:: BRIEF ::
Each entry is to be reproduced verbatim, and images are to be omitted.

:: INPUT ::

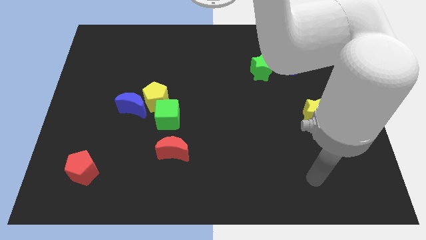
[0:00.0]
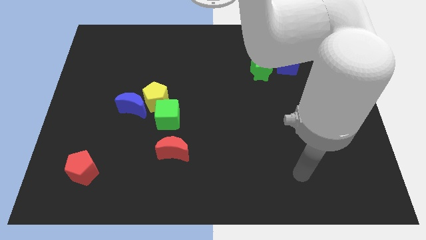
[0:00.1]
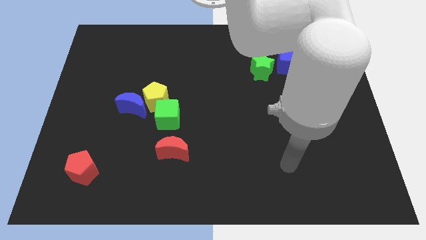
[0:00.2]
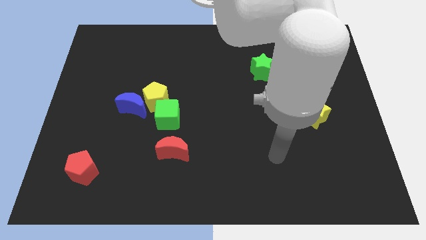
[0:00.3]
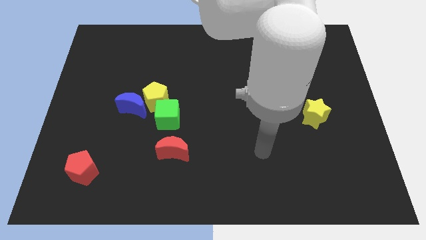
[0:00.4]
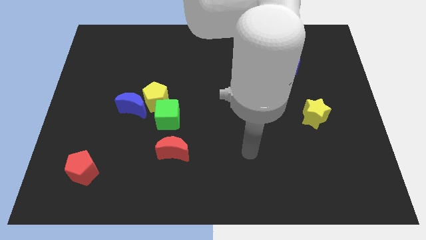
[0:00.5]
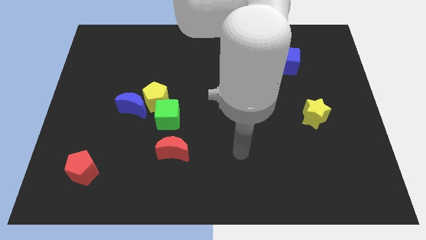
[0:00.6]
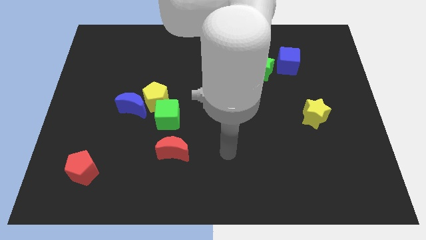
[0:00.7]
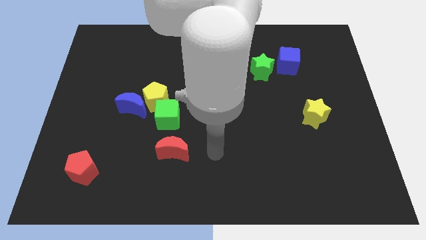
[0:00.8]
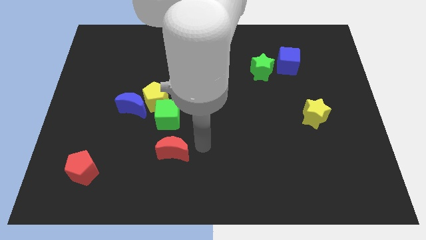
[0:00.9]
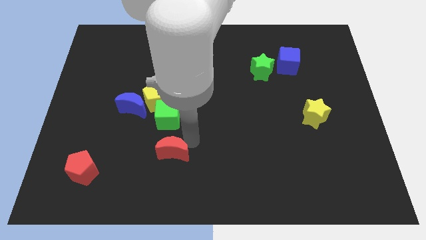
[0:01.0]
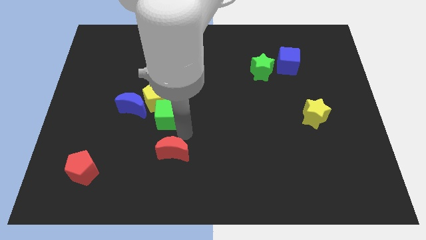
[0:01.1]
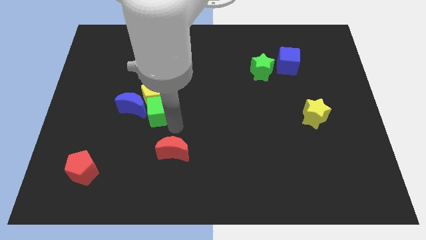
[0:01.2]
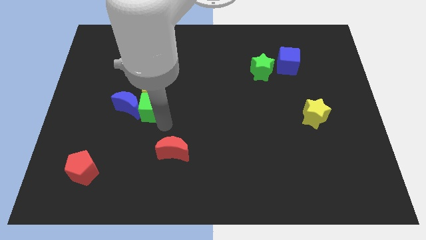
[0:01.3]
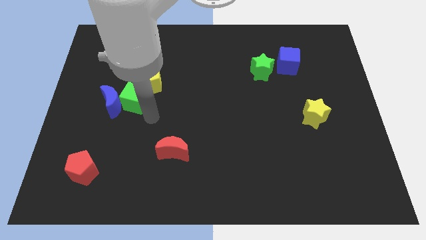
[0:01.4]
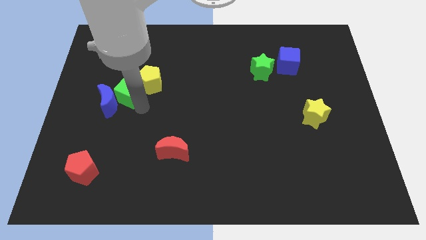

:: RESPONSE ::
[0:00.0]
[0:00.1]
[0:00.2]
[0:00.3]
[0:00.4]
[0:00.5]
[0:00.6]
[0:00.7]
[0:00.8]
[0:00.9]
[0:01.0]
[0:01.1]
[0:01.2]
[0:01.3]
[0:01.4]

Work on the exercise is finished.